If activePoint is (D, a, 11) at the start of an extension, then while walk down, below is the sequence of changes in activePoint:
(D, a, 10) --- >>> (E, d, 7) --- >>> (F, f, 5) --- >> (G, j, 1)
All above activePoints refer to same point ‘k’.
If activePoints are (A, s, 3), (A, t, 5), (B, w, 1), (D, a, 2) etc when no internal node comes in the way while walk down, then there will be no change in activePoint for APCFWD.
The idea is that, at any time, the closest internal node from the point, where we want to reach, should be the activePoint. Why? This will minimize the length of traversal in the next extension.

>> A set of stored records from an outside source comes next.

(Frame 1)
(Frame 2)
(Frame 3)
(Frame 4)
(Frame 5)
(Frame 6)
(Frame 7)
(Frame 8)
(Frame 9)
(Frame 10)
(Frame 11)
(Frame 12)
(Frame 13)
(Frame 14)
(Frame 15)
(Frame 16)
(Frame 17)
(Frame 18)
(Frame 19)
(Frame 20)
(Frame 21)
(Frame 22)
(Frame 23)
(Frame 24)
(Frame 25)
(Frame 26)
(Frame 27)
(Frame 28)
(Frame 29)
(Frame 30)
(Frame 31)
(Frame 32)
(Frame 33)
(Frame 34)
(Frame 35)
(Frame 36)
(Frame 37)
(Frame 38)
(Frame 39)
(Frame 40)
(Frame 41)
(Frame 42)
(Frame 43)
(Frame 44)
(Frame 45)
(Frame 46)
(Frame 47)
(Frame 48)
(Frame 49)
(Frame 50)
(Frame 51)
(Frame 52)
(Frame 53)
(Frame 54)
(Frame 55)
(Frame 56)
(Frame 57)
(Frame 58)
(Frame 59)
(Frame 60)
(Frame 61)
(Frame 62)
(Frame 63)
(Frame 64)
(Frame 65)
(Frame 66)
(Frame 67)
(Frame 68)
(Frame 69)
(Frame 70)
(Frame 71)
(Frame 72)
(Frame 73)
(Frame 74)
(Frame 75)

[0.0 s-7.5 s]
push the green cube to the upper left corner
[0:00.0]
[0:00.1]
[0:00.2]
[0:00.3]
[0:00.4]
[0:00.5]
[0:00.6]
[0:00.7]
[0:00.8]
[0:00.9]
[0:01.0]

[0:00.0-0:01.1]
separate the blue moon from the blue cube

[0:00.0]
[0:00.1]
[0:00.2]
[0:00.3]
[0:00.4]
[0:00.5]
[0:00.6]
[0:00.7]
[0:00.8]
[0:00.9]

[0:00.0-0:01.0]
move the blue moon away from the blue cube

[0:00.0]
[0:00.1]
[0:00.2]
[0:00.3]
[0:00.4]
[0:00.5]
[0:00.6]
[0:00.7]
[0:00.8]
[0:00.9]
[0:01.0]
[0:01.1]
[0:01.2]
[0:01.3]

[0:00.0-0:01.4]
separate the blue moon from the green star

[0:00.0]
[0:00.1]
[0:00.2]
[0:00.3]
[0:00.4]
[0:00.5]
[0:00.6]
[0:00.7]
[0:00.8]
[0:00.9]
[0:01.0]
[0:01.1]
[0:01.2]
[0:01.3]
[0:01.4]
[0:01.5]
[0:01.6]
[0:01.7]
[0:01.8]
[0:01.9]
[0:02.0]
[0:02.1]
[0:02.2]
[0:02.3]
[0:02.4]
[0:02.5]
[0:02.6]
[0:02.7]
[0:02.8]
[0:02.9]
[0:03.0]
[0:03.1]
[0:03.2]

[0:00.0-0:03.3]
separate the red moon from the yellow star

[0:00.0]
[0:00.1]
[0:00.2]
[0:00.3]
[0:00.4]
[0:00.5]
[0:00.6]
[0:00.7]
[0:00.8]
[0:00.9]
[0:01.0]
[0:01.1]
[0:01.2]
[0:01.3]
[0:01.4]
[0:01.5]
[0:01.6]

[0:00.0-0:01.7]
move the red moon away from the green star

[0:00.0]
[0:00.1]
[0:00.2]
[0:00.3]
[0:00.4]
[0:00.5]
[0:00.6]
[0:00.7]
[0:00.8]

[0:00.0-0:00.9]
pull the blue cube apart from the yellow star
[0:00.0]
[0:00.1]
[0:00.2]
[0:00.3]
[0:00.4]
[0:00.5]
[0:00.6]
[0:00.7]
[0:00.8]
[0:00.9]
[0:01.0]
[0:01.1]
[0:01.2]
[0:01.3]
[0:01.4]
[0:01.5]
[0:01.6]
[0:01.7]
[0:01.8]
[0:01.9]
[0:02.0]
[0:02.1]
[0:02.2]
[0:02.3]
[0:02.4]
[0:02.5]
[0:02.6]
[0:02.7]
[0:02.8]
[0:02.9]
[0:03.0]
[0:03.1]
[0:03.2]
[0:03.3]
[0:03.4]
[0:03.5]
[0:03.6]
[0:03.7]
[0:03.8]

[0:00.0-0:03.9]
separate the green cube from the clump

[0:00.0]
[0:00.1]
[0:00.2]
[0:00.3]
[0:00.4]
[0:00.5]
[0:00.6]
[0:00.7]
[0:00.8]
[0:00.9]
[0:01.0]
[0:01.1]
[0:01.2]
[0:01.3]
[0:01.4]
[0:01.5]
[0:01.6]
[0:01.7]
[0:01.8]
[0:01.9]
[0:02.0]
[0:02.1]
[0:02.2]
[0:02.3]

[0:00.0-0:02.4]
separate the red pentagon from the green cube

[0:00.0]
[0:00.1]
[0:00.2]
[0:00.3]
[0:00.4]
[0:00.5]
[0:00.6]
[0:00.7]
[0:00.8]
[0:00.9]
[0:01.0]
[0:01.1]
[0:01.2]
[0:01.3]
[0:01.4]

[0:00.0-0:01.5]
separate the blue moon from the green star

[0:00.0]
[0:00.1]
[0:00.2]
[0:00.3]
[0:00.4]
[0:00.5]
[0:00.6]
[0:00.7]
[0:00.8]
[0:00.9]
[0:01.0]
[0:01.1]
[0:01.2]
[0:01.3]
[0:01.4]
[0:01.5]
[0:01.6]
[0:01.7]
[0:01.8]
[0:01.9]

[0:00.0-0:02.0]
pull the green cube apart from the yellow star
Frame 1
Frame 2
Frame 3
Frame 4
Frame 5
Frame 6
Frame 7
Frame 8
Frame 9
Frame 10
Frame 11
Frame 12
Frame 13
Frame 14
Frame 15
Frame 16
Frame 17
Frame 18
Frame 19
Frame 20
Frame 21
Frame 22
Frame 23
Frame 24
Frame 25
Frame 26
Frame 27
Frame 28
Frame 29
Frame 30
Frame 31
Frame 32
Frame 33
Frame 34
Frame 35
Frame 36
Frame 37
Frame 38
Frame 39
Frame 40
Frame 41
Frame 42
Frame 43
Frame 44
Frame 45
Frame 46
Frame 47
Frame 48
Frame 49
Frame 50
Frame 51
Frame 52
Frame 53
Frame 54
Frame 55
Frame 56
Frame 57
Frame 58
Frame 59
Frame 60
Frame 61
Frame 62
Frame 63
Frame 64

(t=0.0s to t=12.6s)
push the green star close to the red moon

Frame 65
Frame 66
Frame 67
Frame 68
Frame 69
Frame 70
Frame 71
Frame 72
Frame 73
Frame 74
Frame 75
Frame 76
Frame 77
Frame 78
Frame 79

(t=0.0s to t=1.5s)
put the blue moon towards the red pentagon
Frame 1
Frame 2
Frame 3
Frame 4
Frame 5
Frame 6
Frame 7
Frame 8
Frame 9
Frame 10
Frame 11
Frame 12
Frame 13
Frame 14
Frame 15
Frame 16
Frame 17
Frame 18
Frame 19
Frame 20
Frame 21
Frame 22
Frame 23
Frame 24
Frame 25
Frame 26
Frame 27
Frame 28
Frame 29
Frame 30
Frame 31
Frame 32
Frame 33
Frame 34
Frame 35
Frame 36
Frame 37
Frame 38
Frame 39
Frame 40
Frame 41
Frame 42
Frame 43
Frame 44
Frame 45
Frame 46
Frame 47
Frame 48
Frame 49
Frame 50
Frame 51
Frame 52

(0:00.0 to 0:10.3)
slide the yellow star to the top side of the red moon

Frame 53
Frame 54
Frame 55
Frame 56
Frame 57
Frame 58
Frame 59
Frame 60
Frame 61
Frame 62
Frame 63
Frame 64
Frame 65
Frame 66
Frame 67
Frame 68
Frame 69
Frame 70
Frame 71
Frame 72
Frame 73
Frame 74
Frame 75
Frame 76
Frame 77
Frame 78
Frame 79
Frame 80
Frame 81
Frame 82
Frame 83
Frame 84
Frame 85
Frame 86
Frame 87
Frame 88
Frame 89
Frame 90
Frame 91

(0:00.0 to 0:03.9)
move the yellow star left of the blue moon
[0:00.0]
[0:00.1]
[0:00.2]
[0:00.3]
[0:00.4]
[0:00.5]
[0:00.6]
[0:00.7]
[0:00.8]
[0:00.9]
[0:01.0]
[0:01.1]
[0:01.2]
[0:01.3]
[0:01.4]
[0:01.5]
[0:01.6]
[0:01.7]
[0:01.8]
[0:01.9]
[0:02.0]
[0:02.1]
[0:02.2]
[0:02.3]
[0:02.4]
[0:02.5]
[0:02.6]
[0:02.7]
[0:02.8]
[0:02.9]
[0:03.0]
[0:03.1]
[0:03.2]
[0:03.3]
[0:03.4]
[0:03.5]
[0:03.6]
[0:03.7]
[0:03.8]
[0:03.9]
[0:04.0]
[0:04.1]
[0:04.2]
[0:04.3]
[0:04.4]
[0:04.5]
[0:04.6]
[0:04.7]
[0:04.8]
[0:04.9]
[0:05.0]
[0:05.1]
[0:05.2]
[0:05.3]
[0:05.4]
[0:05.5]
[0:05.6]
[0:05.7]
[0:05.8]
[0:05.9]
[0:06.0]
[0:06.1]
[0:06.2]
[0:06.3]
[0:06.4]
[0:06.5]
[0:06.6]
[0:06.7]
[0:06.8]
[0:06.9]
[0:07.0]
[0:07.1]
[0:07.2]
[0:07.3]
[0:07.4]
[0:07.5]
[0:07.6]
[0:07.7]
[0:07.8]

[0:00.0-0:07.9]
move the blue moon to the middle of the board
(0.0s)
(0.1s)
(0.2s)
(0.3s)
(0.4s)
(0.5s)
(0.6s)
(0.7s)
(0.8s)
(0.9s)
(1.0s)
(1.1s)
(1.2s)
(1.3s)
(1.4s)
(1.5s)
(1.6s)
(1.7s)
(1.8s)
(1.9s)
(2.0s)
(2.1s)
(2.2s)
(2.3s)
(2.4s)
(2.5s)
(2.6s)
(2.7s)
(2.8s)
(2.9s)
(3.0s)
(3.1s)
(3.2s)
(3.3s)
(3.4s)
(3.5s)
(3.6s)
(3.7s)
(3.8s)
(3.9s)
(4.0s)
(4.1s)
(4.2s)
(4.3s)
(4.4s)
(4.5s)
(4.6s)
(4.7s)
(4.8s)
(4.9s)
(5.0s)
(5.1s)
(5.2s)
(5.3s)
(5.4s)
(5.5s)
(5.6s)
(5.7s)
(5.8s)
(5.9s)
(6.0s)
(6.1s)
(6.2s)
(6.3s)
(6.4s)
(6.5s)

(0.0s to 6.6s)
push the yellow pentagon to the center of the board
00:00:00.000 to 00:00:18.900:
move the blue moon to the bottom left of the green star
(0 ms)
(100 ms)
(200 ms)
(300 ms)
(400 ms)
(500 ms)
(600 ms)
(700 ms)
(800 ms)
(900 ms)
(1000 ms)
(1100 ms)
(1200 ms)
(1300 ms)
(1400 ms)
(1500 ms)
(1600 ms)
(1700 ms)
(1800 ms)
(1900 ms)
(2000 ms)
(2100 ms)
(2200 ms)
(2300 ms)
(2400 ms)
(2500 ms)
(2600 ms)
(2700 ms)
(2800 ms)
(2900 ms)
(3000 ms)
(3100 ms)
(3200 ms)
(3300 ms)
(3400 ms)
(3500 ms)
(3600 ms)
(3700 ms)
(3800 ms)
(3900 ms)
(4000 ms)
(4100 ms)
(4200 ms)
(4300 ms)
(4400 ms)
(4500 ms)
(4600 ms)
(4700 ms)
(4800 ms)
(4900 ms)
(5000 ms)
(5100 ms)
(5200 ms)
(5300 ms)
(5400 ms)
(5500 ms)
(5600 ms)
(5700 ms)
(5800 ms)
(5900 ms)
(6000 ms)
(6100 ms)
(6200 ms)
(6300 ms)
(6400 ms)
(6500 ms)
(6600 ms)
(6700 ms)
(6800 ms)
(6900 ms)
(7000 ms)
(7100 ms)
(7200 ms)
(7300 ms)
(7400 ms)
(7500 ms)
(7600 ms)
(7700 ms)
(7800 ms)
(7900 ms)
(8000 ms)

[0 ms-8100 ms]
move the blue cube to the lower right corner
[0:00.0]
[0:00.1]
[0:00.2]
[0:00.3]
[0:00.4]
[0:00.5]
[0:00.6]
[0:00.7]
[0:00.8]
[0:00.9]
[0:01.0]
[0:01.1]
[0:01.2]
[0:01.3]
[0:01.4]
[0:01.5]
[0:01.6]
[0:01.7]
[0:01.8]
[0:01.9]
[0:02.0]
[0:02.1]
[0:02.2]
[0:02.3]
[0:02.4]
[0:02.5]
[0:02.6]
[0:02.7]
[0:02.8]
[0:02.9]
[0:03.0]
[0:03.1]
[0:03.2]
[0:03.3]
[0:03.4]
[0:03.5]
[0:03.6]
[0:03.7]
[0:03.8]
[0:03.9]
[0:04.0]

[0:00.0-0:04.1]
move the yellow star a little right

activePoint change for Active Length ZERO (APCFALZ): Let’s consider an activePoint (A, s, 0) in the above activePoint example figure. And let’s say current character being processed from string S is ‘x’ (or any other character). At the start of extension, when activeLength is ZERO, activeEdge is set to the current character being processed, i.e. ‘x’, because there is no walk down needed here (as activeLength is ZERO) and so next character we look for is current character being processed. - While code implementation, we will loop through all the characters of string S one by one. Each loop for ith character will do processing for phase i. Loop will run one or more time depending on how many extensions are left to be performed (Please note that in a phase i+1, we don’t really have to perform all i+1 extensions explicitly, as trick 3 will take care of j extensions for all j leaf edges coming from previous phase i). We will use a variable remainingSuffixCount, to track how many extensions are yet to be performed explicitly in any phase (after trick 3 is performed). Also, at the end of any phase, if remainingSuffixCount is ZERO, this tells that all suffixes supposed to be added in tree, are added explicitly and present in tree. If remainingSuffixCount is non-zero at the end of any phase, that tells that suffixes of that many count are not added in tree explicitly (because of rule 3, we stopped early), but they are in tree implicitly though (Such trees are called implicit suffix tree). These implicit suffixes will be added explicitly in subsequent phases when a unique character comes in the way.